Data cleaning has been painful forever. LLMs change the economics — fuzzy matching, entity resolution, format standardization at scale that previously required expensive rule-based systems or manual work. Used thoughtfully, AI accelerates cleaning significantly; used naively, it produces plausible-but-wrong outputs. This post is the patterns that work for AI-assisted data cleaning.
Deduplication
Fuzzy matching. 'John Smith' vs 'Jon Smith' vs 'John Smith Jr.' Rule-based fuzzy matching works; LLM-augmented context-aware matching works better for complex cases.
Entity resolution. Same entity across sources with different representations. Company databases: 'IBM' vs 'International Business Machines' vs 'I.B.M.'
Embedding similarity. Convert entities to embeddings; cluster by similarity. Good for bulk operations.
Human review for uncertain matches. Low-confidence pairs flagged for human decision.
Standardization
Address parsing. Breaking '123 Main Street, Apt 4B, Cityville, ST 12345' into structured components. AI handles many formats better than regex.
Name canonicalization. 'Dr. Jane Smith, MD' → 'Jane Smith'. Removing honorifics, handling variants.
Date/number format. Input in various formats; output in single canonical format. AI robust to edge cases.
Phone number standardization. International formats, extensions, country codes.
Enrichment
Missing field inference. Given available fields, infer missing ones. Industry code from company description; gender from name; category from product description.
Category assignment. Classify items into taxonomy. Products to categories, documents to topics.
Validation against rules. Check data against business rules; flag violations. AI detects subtle violations rule-based systems miss.
External data joins. Match records against external databases (company data, geographic data).
Risk controls — where AI cleaning goes wrong
Sample validation before trusting at scale. Run on 1000 records; manually validate 100. Quality acceptable? Scale up. Quality poor? Refine prompt or approach.
Confidence thresholds. Low-confidence AI decisions flagged for human review. High-confidence automated.
Audit trail. Track which cells were AI-modified, by which model, with what confidence. Reconstruct decisions; detect systematic issues.

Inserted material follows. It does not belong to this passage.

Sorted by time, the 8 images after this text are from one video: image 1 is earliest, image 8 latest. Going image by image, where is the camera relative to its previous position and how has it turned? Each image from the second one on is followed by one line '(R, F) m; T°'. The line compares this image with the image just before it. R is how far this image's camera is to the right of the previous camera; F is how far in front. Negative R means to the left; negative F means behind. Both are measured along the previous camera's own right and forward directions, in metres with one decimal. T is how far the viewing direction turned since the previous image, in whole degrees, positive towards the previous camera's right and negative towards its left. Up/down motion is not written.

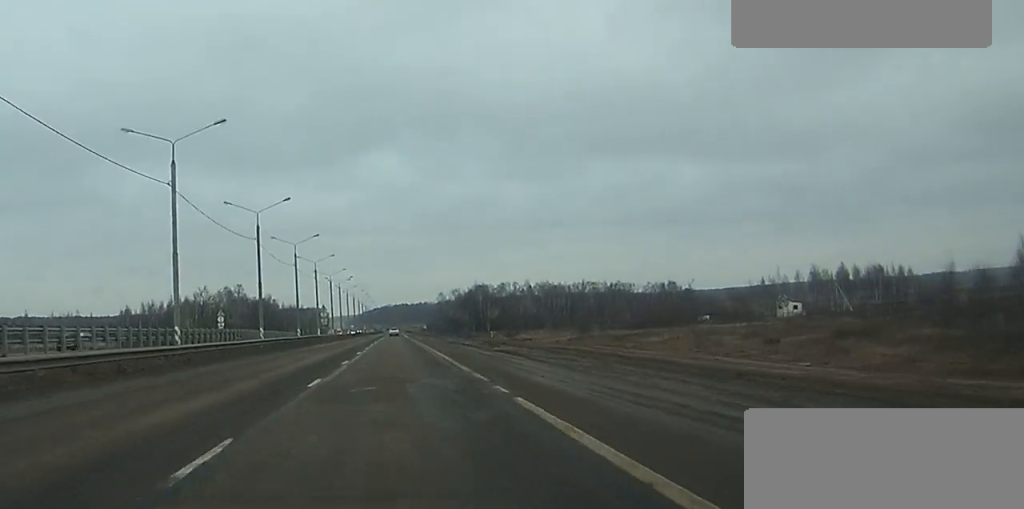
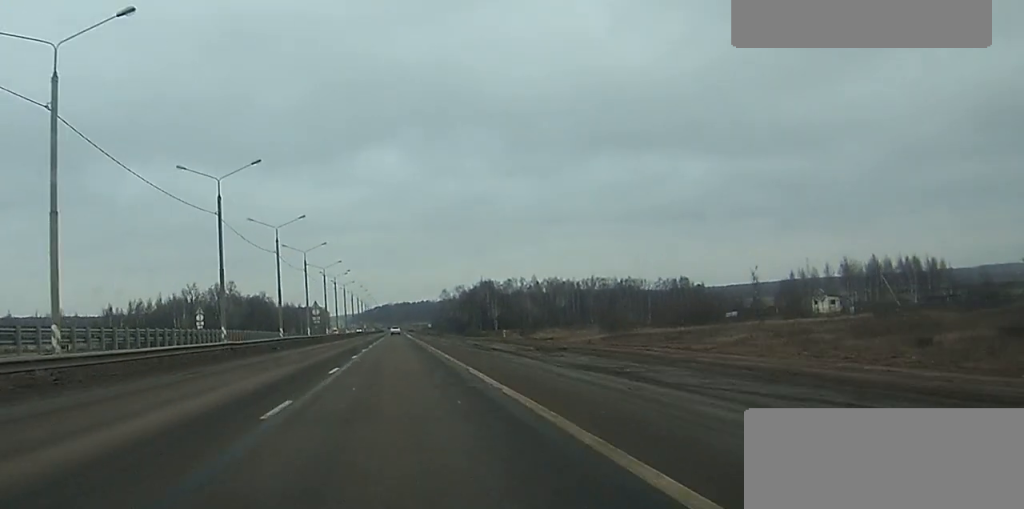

Human-in-loop for high-stakes. Financial, legal, medical data — automate cleaning cautiously. Mistakes expensive.
AI-specific failure modes
Plausible-but-wrong outputs. AI generates reasonable-looking data that's wrong. Hard to detect without ground truth.
Inconsistent decisions. Same input, different calls, different outputs. Determinism matters for data cleaning; temperature=0 helps.
Systematic biases. AI may systematically miscategorize certain inputs. Audit for patterns in corrections.
Overreach. AI 'fixes' data that was actually correct in unusual format. Losing legitimate data variance.
Economic considerations
AI cost per record. Typically $0.001-$0.01 per record for LLM-based cleaning. At million-record scales, adds up.
Batch processing. Batch API (50% discount at most providers) for non-real-time cleaning.
Caching. Same inputs produce same outputs; cache aggressively.
Model selection. Smaller models (Haiku, GPT-4 mini) often sufficient for cleaning tasks. Much cheaper.
Pipeline integration
ETL/ELT pipeline insertion. AI cleaning steps added to existing data pipelines.
dbt models. AI-assisted transformations as dbt models.
Airflow/Dagster operators. Schedule AI cleaning steps.
MLflow lineage. Track model versions, prompts, outputs for reproducibility.
Tools
OpenRefine. Classic data cleaning; AI extensions emerging.
Trifacta (Alteryx). Visual data wrangling with ML assistance.
DIY with LangChain, LlamaIndex. Many data cleaning tasks straightforward with LLM APIs.
Specialized. Melissa (address validation), Dun & Bradstreet (company data), LinkedIn Talent Insights (people data).